- Stored data:
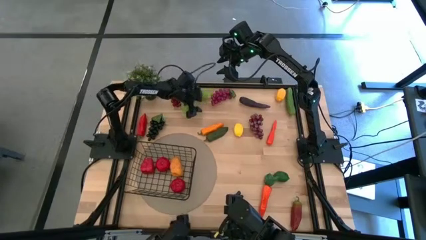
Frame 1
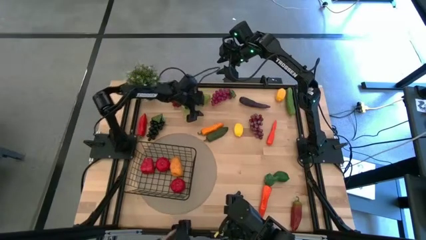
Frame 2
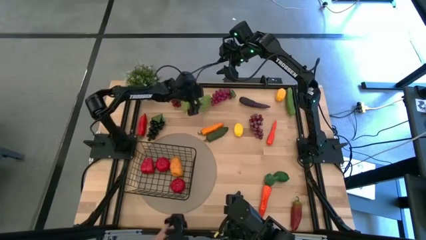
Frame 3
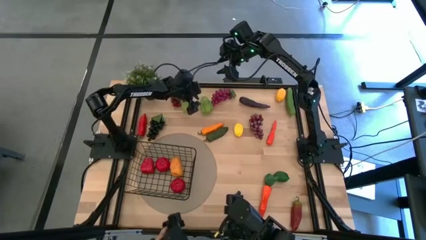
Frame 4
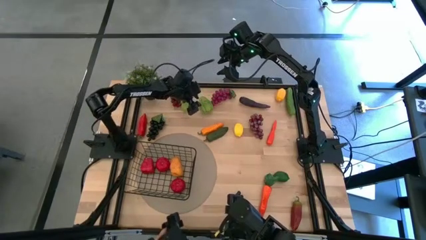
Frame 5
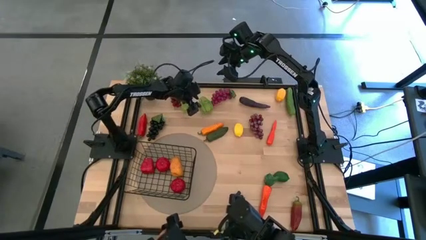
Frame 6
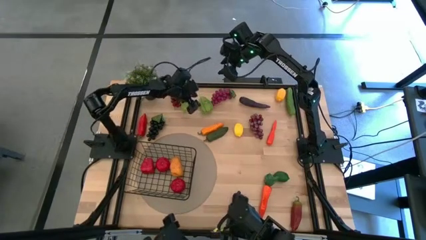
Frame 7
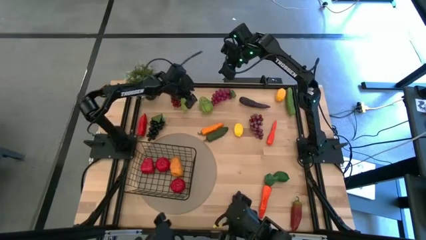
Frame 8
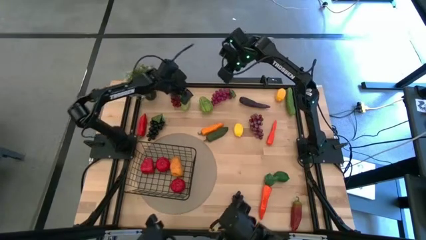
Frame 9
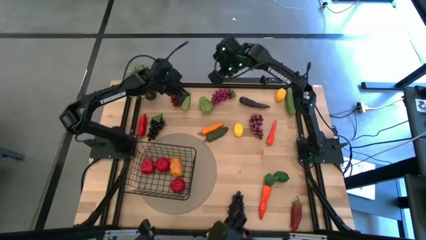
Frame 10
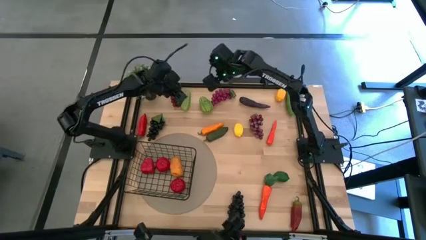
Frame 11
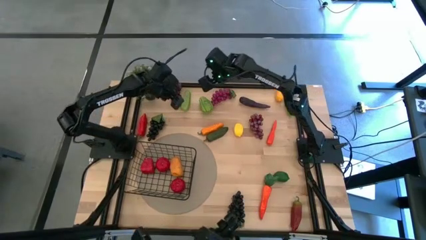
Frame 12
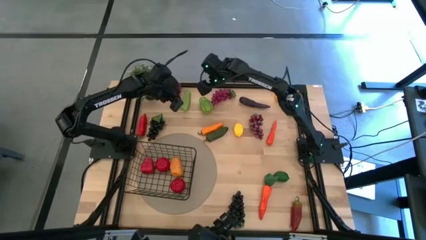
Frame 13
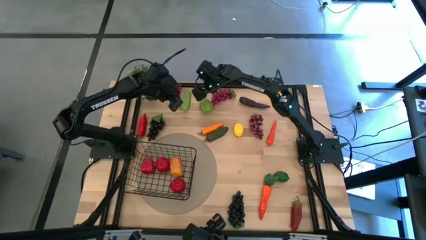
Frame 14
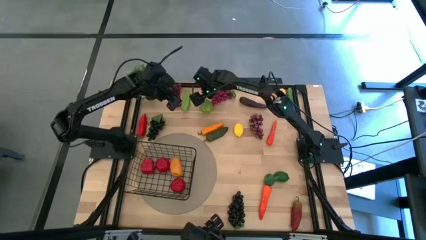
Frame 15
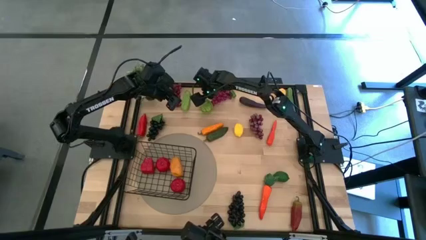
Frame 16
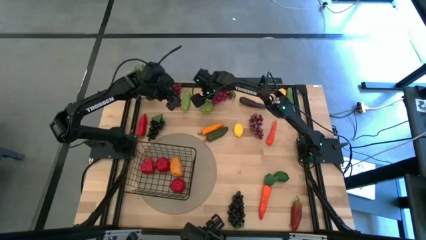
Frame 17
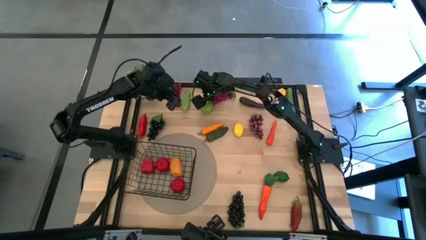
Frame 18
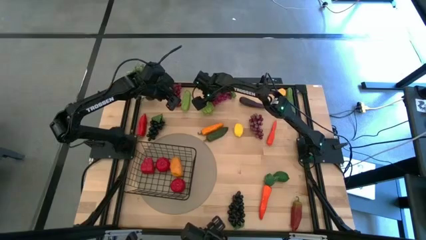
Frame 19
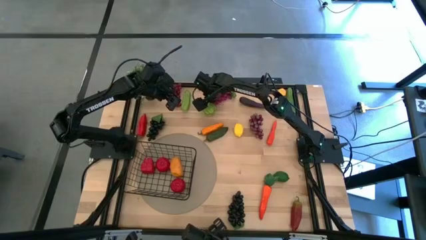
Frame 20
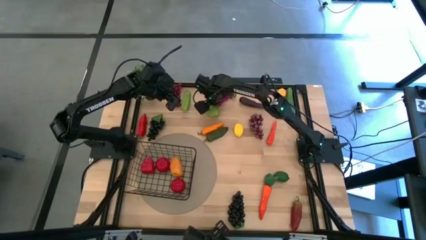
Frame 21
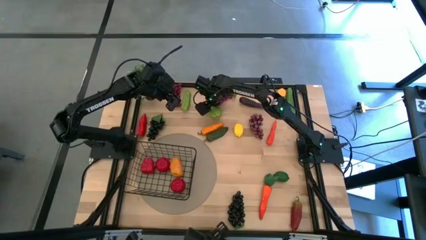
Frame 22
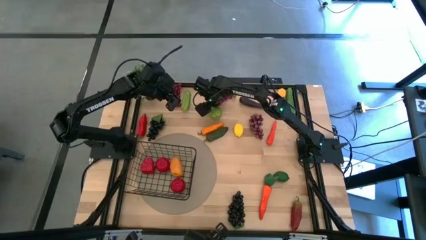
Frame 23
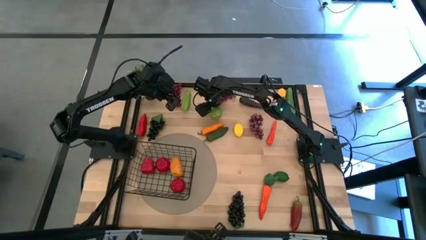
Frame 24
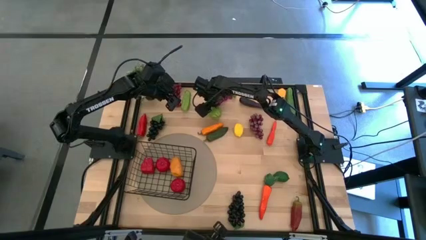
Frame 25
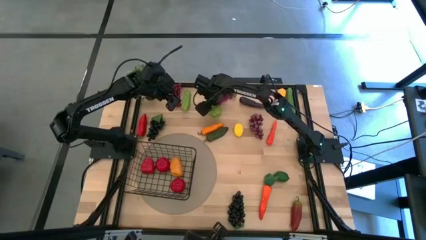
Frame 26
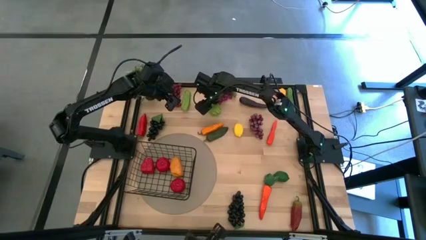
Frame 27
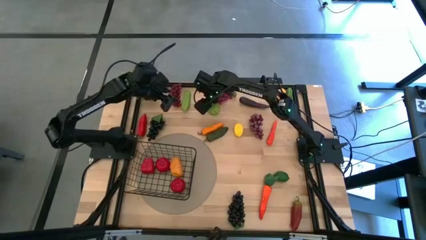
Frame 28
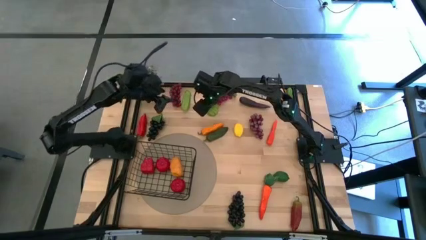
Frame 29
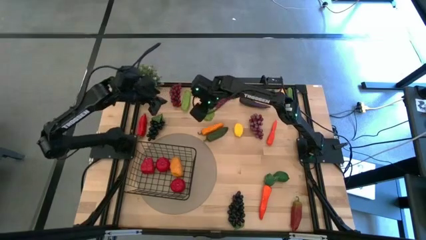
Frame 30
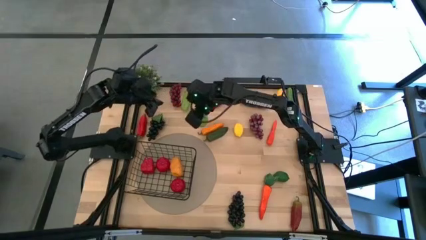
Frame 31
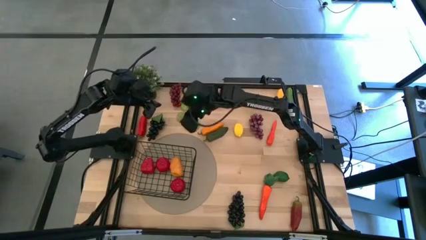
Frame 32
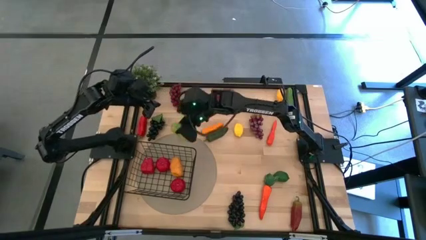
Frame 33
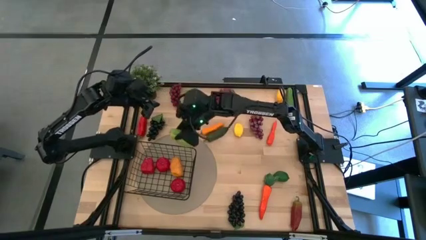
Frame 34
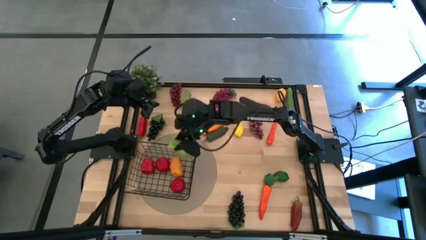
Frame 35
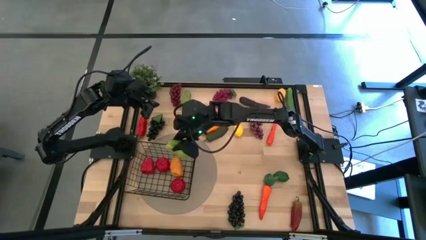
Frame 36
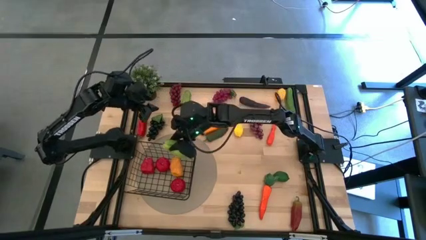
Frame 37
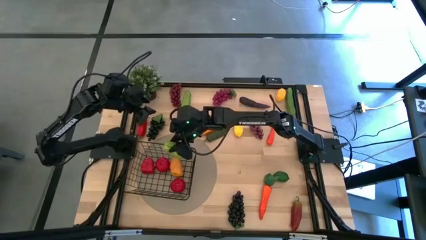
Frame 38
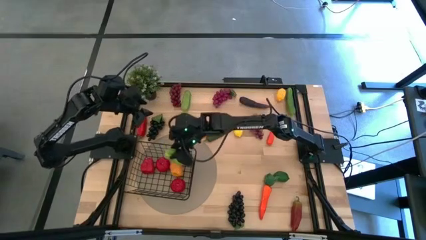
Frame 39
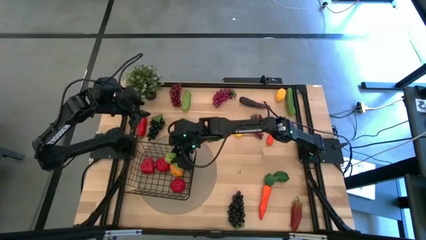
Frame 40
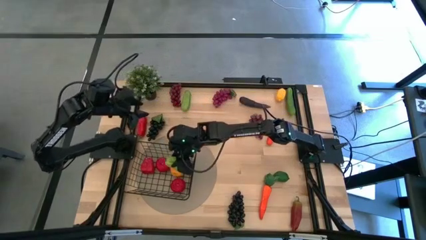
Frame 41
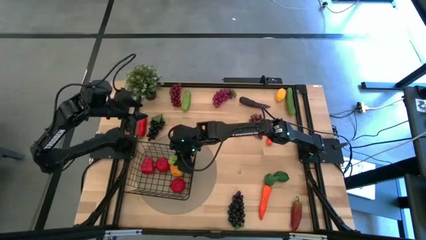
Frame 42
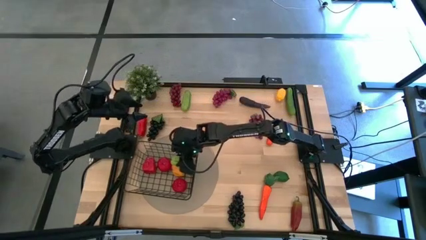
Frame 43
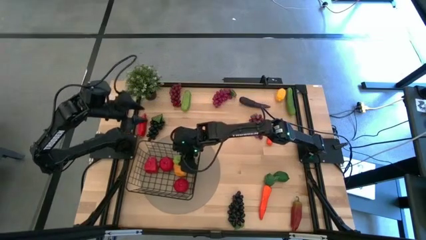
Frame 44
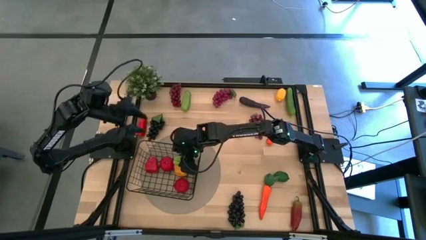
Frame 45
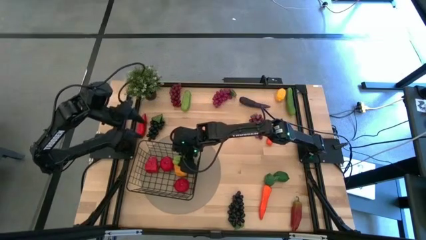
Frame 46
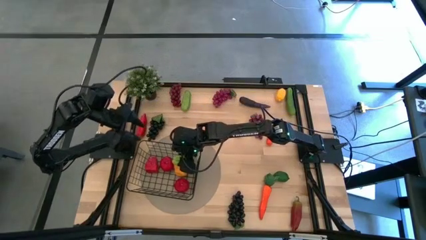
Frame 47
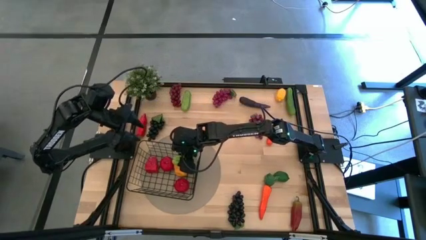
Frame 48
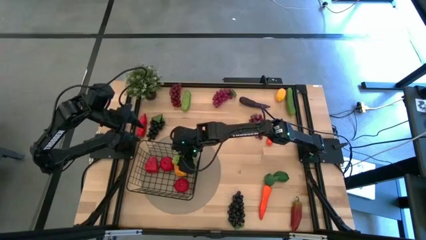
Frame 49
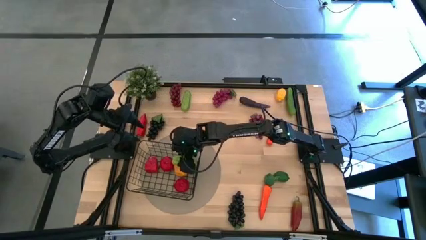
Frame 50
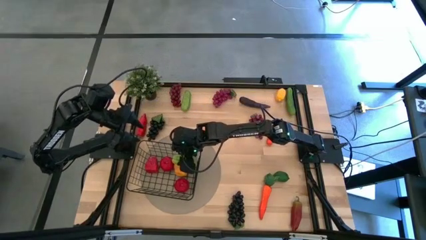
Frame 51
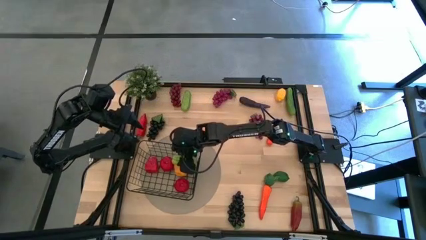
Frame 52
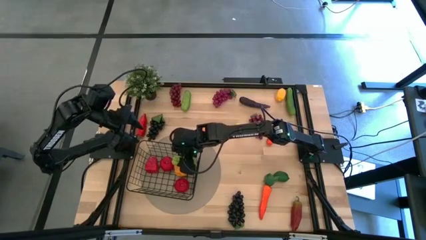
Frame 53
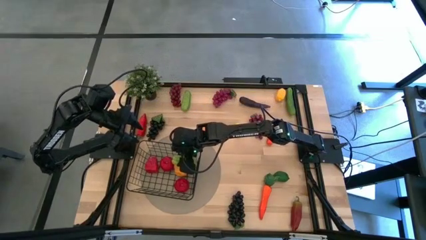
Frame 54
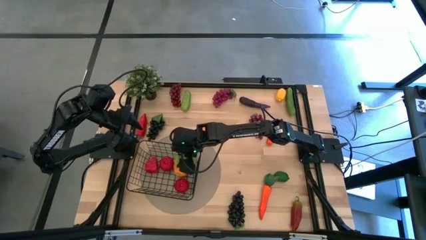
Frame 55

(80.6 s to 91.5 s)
Task: Build produce basket
Put the green chayote into the black wire basket

- WHAT IS BEING ASKED: Without the pictures, restate all of the entries above verbatim.

- EXERCISE ANSWER:
Frame 1
Frame 2
Frame 3
Frame 4
Frame 5
Frame 6
Frame 7
Frame 8
Frame 9
Frame 10
Frame 11
Frame 12
Frame 13
Frame 14
Frame 15
Frame 16
Frame 17
Frame 18
Frame 19
Frame 20
Frame 21
Frame 22
Frame 23
Frame 24
Frame 25
Frame 26
Frame 27
Frame 28
Frame 29
Frame 30
Frame 31
Frame 32
Frame 33
Frame 34
Frame 35
Frame 36
Frame 37
Frame 38
Frame 39
Frame 40
Frame 41
Frame 42
Frame 43
Frame 44
Frame 45
Frame 46
Frame 47
Frame 48
Frame 49
Frame 50
Frame 51
Frame 52
Frame 53
Frame 54
Frame 55

(80.6 s to 91.5 s)
Task: Build produce basket
Put the green chayote into the black wire basket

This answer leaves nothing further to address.